(Excerpts from a dataset)
━━━━━━━━━━━━━━━━
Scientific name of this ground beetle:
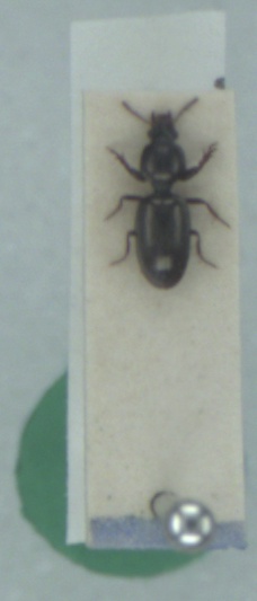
Dyschirius thoracicus
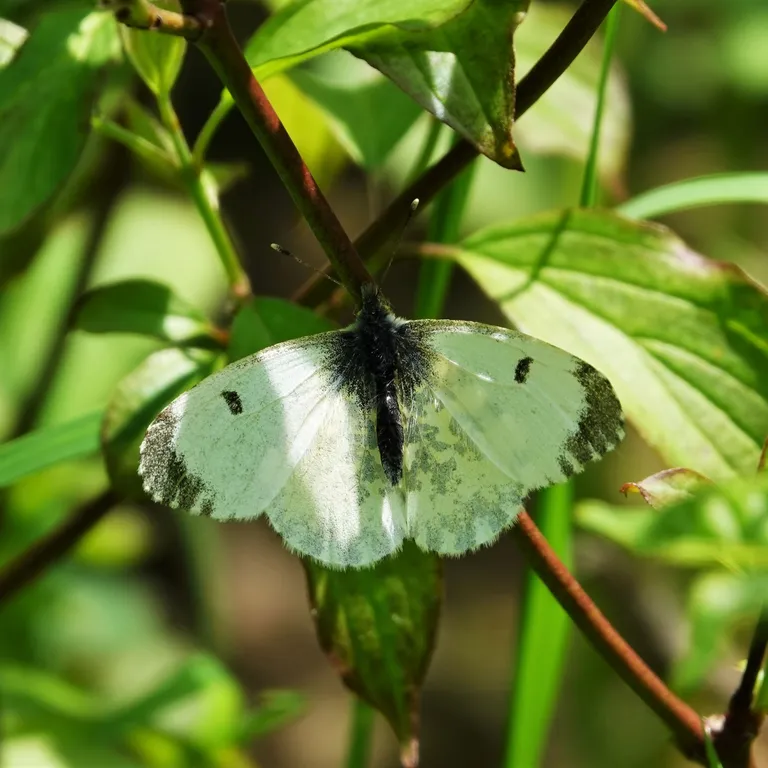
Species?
Anthocharis cardamines
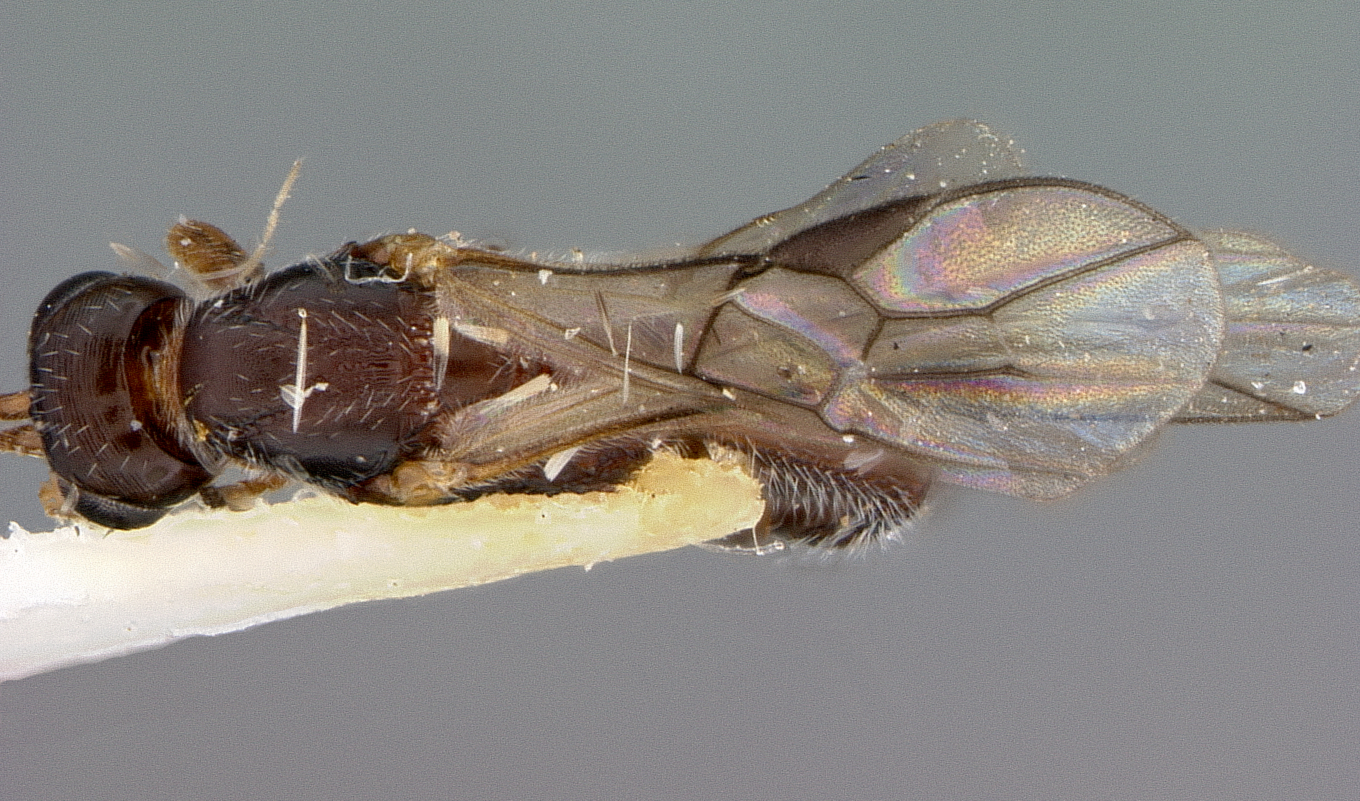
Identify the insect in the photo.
Acrophasmus arizonensis
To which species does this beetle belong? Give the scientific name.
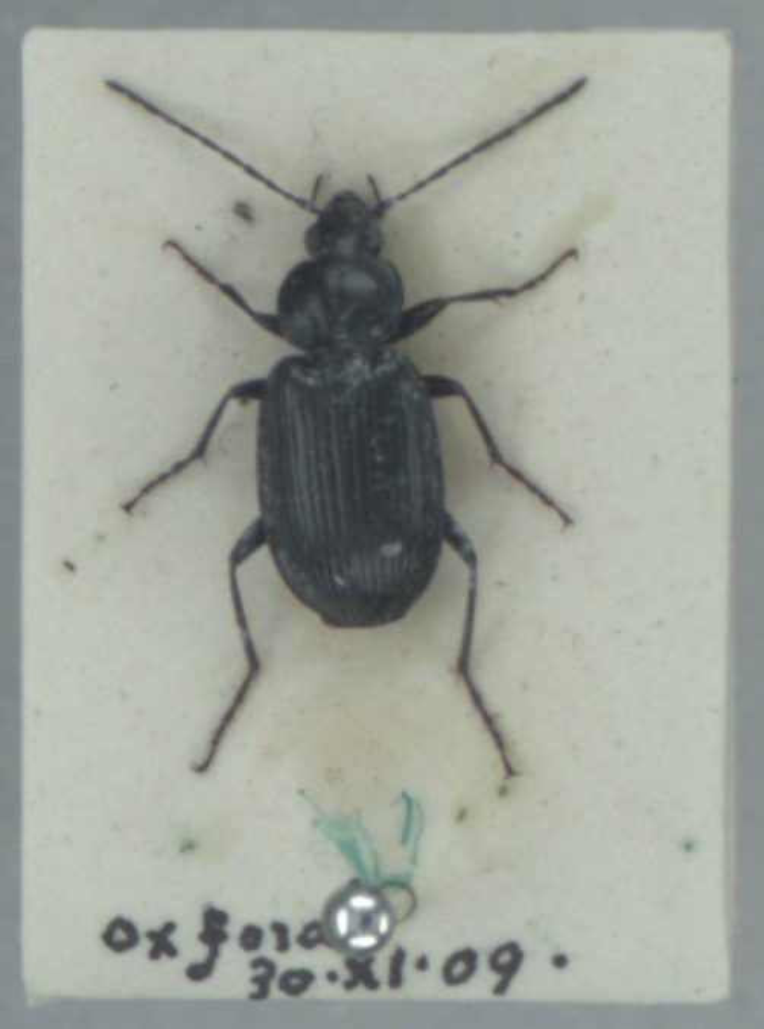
Agonum emarginatum
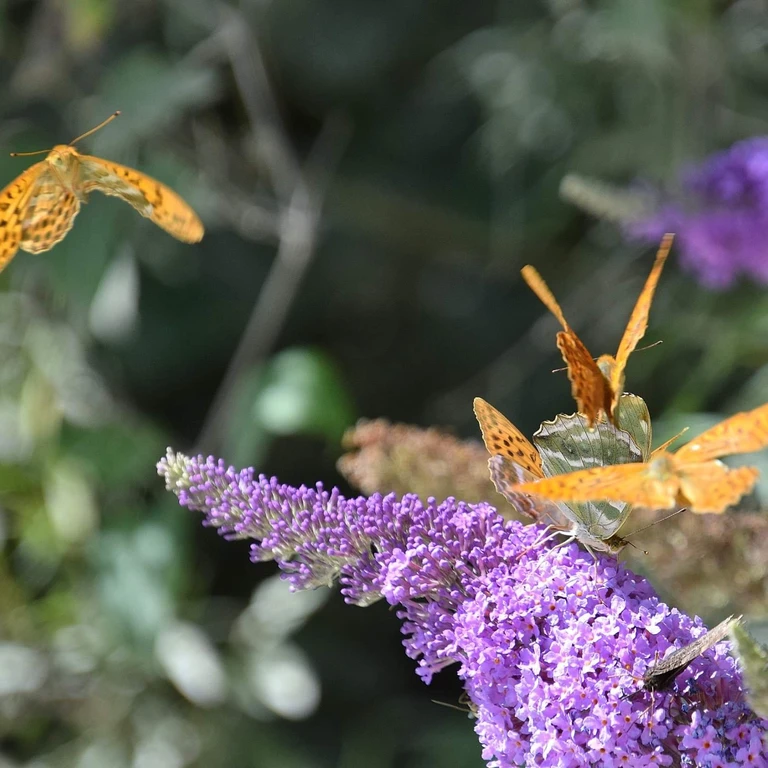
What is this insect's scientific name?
━━━━━━━━━━━━━━━━
§ EXERCISE BRIEF
Your answer must be an exact copy of every entry, with the pictures left out.

§ OUTPUT FOR THIS EXERCISE
Scientific name of this ground beetle:
Dyschirius thoracicus
Species?
Anthocharis cardamines
Identify the insect in the photo.
Acrophasmus arizonensis
To which species does this beetle belong? Give the scientific name.
Agonum emarginatum
What is this insect's scientific name?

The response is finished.